Nur teilweise Anrechnung des Kindergeldes zur Gewährleistung eines menschen­würdigen Existenz­mi­nimums nicht nötig

Die vollständige Anrechnung des Kindergeldes als leistungs­min­derndes Einkommen im Sinne von § 11 Abs. 1 SGB II auf „Hartz IV-Leistungen“ ist mit dem Grundgesetz vereinbar. Das Grundrecht auf Gewährleistung eines menschen­würdigen Existenz­mi­nimums ist nicht verletzt. Denn der Beschwer­de­führer hat durch das Kindergeld und das gekürzte Sozialgeld im Ergebnis staatliche Leistungen in der gesetzlich bestimmten Höhe erhalten. Zur Gewährleistung eines menschen­würdigen Existenz­mi­nimums war es auch nicht geboten, das Kindergeld teilweise anrechnungsfrei zu stellen. Zwar trägt das Einkom­men­steu­errecht der Deckung des Betreuungs-, Erziehungs- oder Ausbil­dungs­bedarfs eines Kindes durch Kinder­frei­beträge Rechnung. Das Grundrecht auf Gewährleistung eines menschen­würdigen Existenz­mi­nimums verlangt aber keine Sozia­l­leis­tungen, die den Betreuungs-, Erziehungs- oder Ausbil­dungs­bedarf für Kinder in gleichem Maße berücksichtigen wie das Steuerrecht. Dies hat das Bundes­ver­fas­sungs­gericht bereits in seinem Urteil vom 9. Februar 2010 zur Verfas­sungs­wid­rigkeit der Regelleistungen nach dem „Hartz IV-Gesetz“ festgestellt.

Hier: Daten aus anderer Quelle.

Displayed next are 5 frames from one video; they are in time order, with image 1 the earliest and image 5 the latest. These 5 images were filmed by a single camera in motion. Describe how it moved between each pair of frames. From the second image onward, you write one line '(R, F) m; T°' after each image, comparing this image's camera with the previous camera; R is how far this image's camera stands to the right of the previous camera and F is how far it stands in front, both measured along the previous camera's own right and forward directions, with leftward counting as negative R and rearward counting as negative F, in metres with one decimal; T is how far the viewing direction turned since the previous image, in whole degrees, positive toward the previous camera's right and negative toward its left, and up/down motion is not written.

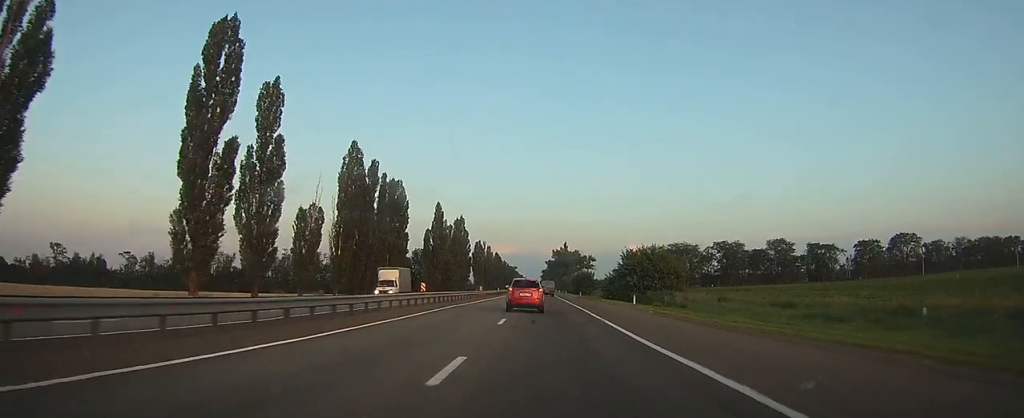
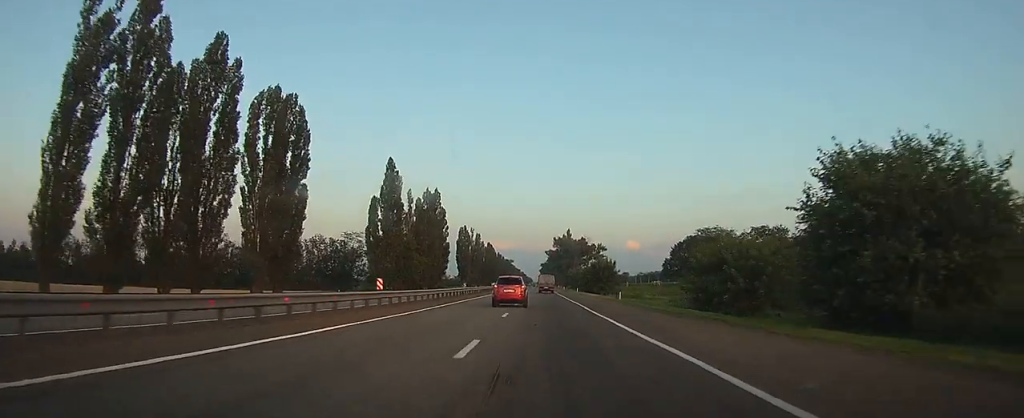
(-0.1, +45.4) m; 0°
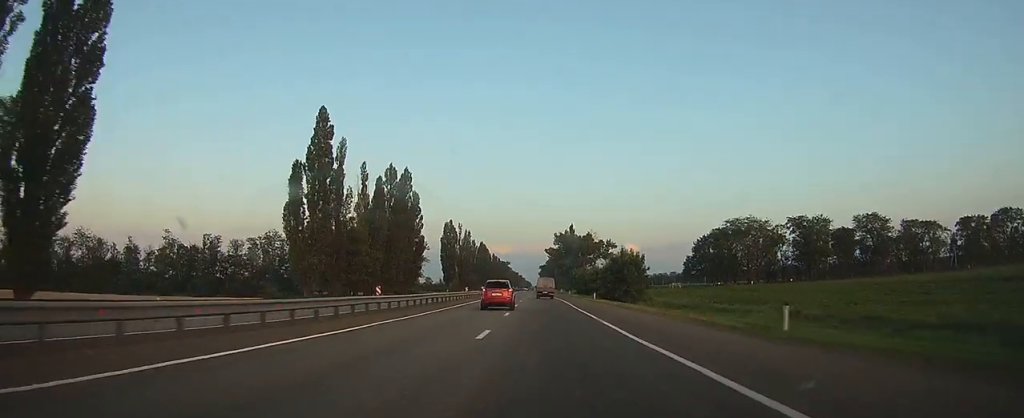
(0.0, +31.0) m; 0°
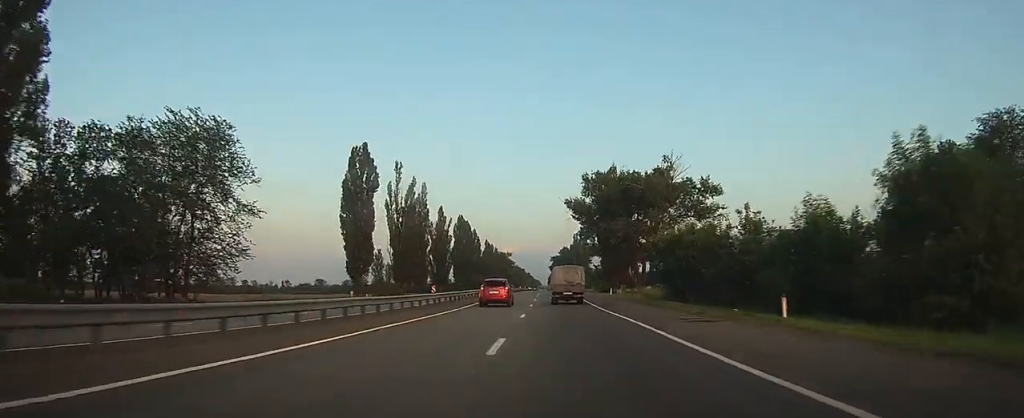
(-0.2, +98.1) m; 0°
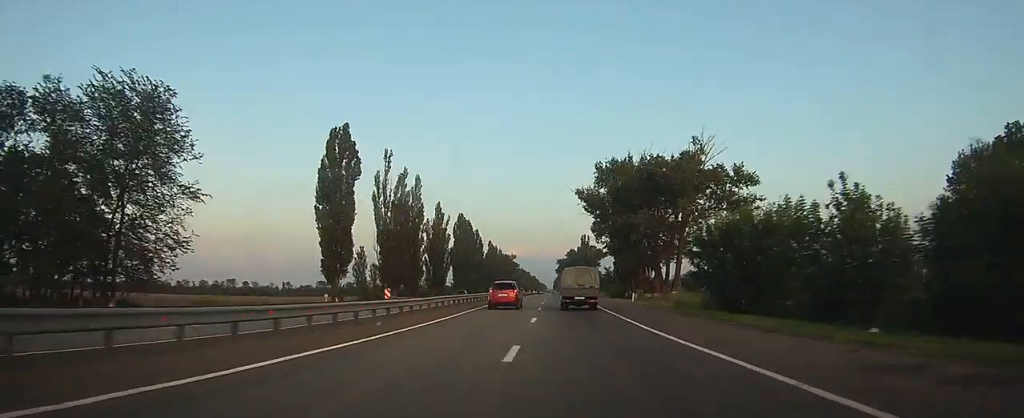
(0.0, +12.0) m; 0°

Keine Ungleich­be­handlung erkennbar

Die volle Anrechnung des Kindergeldes wahrt den Gleichheitssatz. Der Gesetzgeber, der bei zu versteuerndem Einkommen Steuer­ver­güns­ti­gungen in Form von Kinder­frei­be­trägen gewährt, ist nicht verpflichtet, Sozia­l­leis­tungen in vergleichbarer Höhe für Personen und deren Angehörige zu gewähren, die - wie im Fall des Beschwer­de­führers - kein zu versteuerndes Einkommen erzielen. Auch sonst ist keine Ungleichbehandlung zu erkennen, da § 11 Abs. 1 Satz 3 SGB II hinsichtlich Zahlung und Anrechnung des Kindergeldes alle Kinder­geld­be­rech­tigten und alle zu einer Bedarfs­ge­mein­schaft mit ihren Eltern gehörenden hilfe­be­dürftigen Kinder gleich behandelt.